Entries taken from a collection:
= = = =
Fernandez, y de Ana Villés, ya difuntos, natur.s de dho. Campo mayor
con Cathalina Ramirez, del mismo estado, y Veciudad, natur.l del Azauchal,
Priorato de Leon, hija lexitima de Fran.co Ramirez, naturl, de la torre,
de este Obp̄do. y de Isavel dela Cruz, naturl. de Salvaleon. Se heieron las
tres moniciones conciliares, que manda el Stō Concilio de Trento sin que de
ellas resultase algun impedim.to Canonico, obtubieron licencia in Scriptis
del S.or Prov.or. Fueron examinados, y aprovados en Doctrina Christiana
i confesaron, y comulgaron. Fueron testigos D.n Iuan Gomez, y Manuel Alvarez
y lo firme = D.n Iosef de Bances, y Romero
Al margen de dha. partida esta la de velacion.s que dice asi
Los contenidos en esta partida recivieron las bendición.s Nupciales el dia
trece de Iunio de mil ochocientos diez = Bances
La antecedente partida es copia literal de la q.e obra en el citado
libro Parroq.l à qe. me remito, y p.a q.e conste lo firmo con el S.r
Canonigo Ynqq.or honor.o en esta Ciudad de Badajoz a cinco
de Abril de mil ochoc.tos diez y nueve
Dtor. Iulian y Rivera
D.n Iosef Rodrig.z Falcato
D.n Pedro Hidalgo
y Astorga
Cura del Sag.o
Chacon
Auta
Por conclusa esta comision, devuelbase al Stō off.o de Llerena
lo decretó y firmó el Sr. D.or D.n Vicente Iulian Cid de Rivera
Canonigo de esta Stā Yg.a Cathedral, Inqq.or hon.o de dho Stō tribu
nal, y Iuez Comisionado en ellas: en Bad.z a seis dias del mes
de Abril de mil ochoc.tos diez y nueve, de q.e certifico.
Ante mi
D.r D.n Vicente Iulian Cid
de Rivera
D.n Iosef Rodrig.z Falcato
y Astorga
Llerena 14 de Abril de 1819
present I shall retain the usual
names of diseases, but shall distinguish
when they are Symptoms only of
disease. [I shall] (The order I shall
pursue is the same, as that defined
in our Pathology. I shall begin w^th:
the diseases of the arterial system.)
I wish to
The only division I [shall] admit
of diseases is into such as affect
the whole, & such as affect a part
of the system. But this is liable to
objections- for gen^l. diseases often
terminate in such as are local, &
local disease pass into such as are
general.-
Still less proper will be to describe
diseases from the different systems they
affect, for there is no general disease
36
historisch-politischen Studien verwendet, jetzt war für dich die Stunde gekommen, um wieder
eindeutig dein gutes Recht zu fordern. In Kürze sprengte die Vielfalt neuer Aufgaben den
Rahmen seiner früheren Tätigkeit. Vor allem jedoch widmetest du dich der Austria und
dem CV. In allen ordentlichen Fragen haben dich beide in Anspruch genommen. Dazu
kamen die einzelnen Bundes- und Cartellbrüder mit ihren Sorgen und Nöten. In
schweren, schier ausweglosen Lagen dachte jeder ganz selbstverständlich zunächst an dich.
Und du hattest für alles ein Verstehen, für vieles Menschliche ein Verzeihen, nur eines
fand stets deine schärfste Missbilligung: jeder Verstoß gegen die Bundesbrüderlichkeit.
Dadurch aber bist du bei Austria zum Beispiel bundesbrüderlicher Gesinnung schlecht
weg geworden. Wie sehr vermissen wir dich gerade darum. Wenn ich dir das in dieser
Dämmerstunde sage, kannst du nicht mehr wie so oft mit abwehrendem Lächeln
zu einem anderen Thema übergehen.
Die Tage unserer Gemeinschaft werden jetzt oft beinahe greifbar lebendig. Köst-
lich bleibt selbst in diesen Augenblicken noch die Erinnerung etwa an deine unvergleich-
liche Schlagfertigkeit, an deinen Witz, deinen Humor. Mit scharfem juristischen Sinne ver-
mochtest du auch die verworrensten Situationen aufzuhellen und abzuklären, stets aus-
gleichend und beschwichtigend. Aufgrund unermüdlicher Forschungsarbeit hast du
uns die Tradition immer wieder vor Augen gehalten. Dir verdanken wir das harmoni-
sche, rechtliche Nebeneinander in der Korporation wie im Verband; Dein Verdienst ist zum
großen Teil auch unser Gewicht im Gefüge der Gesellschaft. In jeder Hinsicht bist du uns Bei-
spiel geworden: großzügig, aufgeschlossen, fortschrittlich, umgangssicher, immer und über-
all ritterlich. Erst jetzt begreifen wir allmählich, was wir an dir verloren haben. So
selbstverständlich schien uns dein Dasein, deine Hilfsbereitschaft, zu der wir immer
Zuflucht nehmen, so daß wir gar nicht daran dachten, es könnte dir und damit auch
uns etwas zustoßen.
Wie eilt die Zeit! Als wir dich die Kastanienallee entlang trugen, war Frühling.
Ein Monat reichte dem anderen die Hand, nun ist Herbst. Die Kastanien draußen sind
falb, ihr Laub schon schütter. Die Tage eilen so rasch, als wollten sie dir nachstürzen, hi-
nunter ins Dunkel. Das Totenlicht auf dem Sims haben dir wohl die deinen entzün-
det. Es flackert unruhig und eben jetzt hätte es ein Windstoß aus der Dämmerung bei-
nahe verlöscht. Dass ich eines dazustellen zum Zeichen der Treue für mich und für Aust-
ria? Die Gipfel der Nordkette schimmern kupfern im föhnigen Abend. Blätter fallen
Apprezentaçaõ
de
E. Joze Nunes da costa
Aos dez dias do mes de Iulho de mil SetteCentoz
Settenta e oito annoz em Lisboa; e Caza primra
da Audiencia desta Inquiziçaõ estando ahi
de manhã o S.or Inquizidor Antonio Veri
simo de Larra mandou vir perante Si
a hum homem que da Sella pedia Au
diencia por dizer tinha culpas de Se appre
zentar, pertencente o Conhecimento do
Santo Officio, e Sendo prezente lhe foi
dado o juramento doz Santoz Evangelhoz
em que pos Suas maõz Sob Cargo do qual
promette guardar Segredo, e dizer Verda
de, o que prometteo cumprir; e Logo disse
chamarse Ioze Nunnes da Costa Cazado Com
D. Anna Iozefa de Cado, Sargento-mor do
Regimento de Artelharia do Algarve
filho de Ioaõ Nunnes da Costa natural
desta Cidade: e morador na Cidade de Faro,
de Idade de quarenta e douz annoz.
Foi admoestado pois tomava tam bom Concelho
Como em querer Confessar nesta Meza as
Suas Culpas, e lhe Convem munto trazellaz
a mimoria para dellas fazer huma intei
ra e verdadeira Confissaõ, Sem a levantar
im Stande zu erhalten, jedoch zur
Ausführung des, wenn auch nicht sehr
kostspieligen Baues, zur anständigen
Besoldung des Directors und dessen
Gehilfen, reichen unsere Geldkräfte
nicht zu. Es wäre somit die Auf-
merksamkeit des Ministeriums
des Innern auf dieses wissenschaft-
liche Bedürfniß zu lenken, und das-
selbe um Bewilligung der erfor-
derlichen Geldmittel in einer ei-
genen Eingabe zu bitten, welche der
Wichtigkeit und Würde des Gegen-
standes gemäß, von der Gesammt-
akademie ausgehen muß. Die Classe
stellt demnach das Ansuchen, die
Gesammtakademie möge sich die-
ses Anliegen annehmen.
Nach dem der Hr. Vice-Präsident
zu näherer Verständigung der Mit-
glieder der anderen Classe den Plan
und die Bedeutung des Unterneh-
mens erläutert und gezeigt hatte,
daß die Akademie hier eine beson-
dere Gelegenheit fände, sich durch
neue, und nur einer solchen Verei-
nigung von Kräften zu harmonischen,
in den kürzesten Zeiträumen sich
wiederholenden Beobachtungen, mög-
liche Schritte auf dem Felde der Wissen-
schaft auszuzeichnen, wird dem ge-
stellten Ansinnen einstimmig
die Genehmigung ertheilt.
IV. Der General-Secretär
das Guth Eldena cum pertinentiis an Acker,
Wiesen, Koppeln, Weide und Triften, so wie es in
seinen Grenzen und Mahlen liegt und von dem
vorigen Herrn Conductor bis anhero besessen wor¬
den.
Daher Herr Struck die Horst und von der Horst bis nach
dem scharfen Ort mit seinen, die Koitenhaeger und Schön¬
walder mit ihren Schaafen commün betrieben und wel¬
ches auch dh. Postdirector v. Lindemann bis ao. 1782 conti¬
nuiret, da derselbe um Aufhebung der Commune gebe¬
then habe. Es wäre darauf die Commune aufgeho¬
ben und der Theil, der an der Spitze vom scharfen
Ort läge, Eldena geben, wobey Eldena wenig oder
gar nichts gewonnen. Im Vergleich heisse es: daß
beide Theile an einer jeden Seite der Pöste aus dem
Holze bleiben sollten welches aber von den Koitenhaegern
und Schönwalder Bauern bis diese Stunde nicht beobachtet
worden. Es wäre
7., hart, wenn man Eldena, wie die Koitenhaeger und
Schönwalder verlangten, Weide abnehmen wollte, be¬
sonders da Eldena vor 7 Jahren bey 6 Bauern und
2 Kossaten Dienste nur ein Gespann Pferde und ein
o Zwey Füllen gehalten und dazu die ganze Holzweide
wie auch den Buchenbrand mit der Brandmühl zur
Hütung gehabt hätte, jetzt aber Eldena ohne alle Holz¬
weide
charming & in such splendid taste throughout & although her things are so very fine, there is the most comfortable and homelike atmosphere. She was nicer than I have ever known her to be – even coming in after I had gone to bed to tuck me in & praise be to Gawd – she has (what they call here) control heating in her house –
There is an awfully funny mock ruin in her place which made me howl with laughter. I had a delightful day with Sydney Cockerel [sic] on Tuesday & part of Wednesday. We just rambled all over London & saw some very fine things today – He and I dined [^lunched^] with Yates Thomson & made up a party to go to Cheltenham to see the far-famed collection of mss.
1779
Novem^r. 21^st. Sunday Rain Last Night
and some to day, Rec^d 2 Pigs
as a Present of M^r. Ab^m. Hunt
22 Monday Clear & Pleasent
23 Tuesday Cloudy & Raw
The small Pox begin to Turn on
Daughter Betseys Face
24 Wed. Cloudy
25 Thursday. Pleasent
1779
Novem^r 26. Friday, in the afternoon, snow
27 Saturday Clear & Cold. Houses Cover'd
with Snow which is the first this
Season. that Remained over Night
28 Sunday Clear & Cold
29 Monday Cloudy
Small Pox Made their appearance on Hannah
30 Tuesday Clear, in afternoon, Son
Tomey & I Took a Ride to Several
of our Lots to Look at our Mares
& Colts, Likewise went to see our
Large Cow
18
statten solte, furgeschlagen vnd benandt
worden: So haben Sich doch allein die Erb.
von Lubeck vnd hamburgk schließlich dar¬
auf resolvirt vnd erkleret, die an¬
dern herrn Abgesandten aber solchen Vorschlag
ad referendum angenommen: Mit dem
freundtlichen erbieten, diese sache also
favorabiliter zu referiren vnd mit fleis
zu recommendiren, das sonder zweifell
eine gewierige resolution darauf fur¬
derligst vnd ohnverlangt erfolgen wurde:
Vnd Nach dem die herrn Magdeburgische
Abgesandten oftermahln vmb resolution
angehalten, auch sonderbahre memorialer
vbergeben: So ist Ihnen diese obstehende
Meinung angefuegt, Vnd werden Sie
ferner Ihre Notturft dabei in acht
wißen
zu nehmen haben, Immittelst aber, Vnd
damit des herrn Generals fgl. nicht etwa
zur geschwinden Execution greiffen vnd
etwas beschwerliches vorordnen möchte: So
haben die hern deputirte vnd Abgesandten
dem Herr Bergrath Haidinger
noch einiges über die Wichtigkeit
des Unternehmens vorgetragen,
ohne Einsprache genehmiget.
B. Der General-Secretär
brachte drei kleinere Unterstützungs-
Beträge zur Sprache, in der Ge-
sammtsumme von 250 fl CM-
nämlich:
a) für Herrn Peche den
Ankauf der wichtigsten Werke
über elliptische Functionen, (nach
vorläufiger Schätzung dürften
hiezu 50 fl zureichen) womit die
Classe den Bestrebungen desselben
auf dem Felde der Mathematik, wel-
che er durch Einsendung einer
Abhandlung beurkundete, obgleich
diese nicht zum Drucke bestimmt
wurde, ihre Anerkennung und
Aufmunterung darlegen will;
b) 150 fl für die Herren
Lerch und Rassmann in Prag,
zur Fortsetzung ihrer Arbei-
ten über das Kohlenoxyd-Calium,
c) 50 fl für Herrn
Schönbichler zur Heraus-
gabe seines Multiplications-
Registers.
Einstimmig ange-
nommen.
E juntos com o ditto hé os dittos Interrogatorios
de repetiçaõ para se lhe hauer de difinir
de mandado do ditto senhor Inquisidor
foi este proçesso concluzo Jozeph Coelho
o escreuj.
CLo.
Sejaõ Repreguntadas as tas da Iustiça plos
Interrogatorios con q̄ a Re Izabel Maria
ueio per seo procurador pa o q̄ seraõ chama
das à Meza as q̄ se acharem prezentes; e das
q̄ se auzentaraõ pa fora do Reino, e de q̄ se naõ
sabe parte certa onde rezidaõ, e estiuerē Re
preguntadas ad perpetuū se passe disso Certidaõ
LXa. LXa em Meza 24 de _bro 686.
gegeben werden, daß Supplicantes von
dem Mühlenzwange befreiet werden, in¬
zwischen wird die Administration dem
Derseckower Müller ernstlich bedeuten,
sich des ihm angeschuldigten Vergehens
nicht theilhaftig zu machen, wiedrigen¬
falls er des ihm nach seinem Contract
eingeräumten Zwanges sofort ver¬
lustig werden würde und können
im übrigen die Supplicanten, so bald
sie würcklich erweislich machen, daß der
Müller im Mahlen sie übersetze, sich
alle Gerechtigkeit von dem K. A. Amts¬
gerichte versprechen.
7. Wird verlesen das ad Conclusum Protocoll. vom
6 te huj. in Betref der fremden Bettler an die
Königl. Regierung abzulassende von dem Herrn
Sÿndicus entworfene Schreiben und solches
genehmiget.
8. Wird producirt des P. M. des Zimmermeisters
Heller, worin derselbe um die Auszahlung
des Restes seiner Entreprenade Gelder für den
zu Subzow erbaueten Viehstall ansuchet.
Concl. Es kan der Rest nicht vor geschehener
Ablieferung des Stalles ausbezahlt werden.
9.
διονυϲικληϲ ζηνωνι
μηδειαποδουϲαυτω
= = = =
AIM OF THE EXERCISE: Copy each line above where "haben" appears.

EXPECTED ANSWER:
dem CV. In allen ordentlichen Fragen haben dich beide in Anspruch genommen. Dazu
all ritterlich. Erst jetzt begreifen wir allmählich, was wir an dir verloren haben. So
nunter ins Dunkel. Das Totenlicht auf dem Sims haben dir wohl die deinen entzün-
worden: So haben Sich doch allein die Erb.
zu nehmen haben, Immittelst aber, Vnd
haben die hern deputirte vnd Abgesandten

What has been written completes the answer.